7. The system of claim 1, wherein the backend is deployed across multiple Microsoft Azure services, comprising:
- Azure Kubernetes Service (AKS) clusters running bot agents and APIs;
- Azure Load Balancer for evenly distributing traffic across endpoints;
- Azure Key Vault configured to manage signing keys and credentials securely;
- Azure Monitor and Application Insights for telemetry and uptime assurance;
- regionally redundant storage and failover plans to ensure availability.
8. The system of claim 1, wherein the utility token BIOKRIPT is:
- required for participating in sniper bot features;
- used as collateral for governance voting weight;
- utilized for transaction fee discounts or access privileges on the platform;
- subject to a deflationary model wherein a portion of distributed revenue is periodically burned.
9. The system of claim 5, wherein the anti-rug module includes both:
- on-chain enforcement via smart contract state changes;
- off-chain anomaly detection pipelines that incorporate AI-generated liquidity volatility scores;
- and integration with blocklist registries maintained on-chain for community reference.

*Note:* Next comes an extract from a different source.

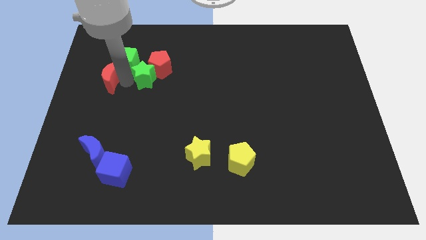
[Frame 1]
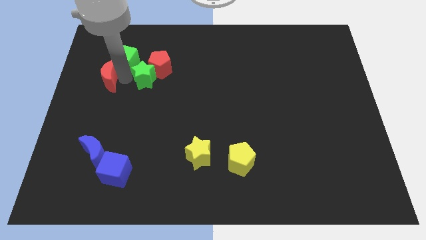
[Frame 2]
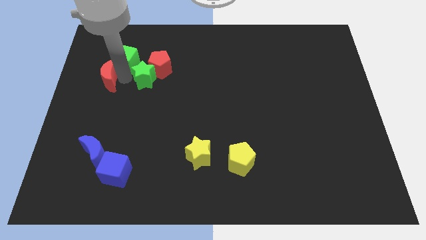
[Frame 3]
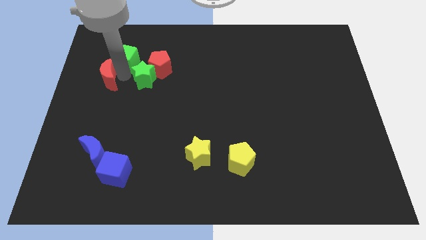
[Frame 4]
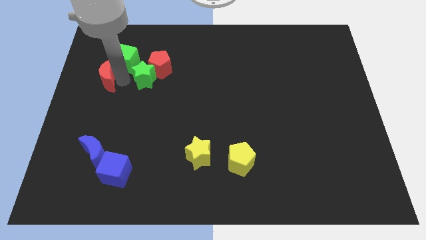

10. The system of claim 6, wherein the staking and revenue-sharing smart contracts:
- are upgradable using a transparent proxy pattern;
- support multi-chain execution through standardized bridge contracts;
- log all reward calculations to the blockchain for auditability;
- enforce minimum staking duration and cooldown intervals to reduce abuse.
11. The system of claim 1, wherein the compliance subsystem comprises:
- automatic IP geofencing to restrict access based on jurisdiction;
- built-in support for third-party identity verification services;
- ability to issue zero-knowledge proofs of compliance for regulated access;
- configurable modes for optional KYC depending on token project classification.
8. Abstract Reference Numbers and Figures
The following figures illustrate the components and operational flow of the decentralized hybrid exchange system:
Figure 1: Architecture Diagram of Biokript DEX Ecosystem: Illustrates user wallets, sniper bot module, revenue module, smart contracts, Azure-hosted infrastructure, and liquidity pools. Demonstrates the interconnectivity between the cloud infrastructure and on-chain components.
Figure 2: Flowchart of AI Sniper Bot Operation: Outlines the logical flow: mempool listener → token scoring engine → trade constructor → slippage validator → signed transaction execution. Each step is annotated with reference numerals to corresponding submodules.
Figure 3: Anti-Rug Logic and Liquidity Threshold Alert System: Shows how liquidity monitoring leads to anomaly detection and transaction lock. Includes triggers for user alerts and contract-based freeze protocols.
Figure 4: Token Revenue-Sharing Distribution Mechanism: Depicts wallet staking module, time-based snapshot mechanism, profit aggregator, escrow smart contract, and user claim UI. Each element is linked via directional flow arrows and assigned numerical references.
Figure 5: Azure Node Deployment and API Routing Diagram: Details the backend infrastructure, including AKS container clusters, load balancers, failover strategies, API Gateway, monitoring components, and Azure Key Vault. Node references are numbered and routed according to deployment topology.
Figure 6: Biokript’s Key Security Framework: Details air-gapped storage, client-side encryption, zero centralized access, and secure multi-signature recovery, ensuring full user control and protection of private keys at all times.
Each figure includes numeric markers that correspond to elements described in the Detailed Description of the Invention, allowing cross-referencing between visual diagrams and textual sections for enhanced understanding and clarity.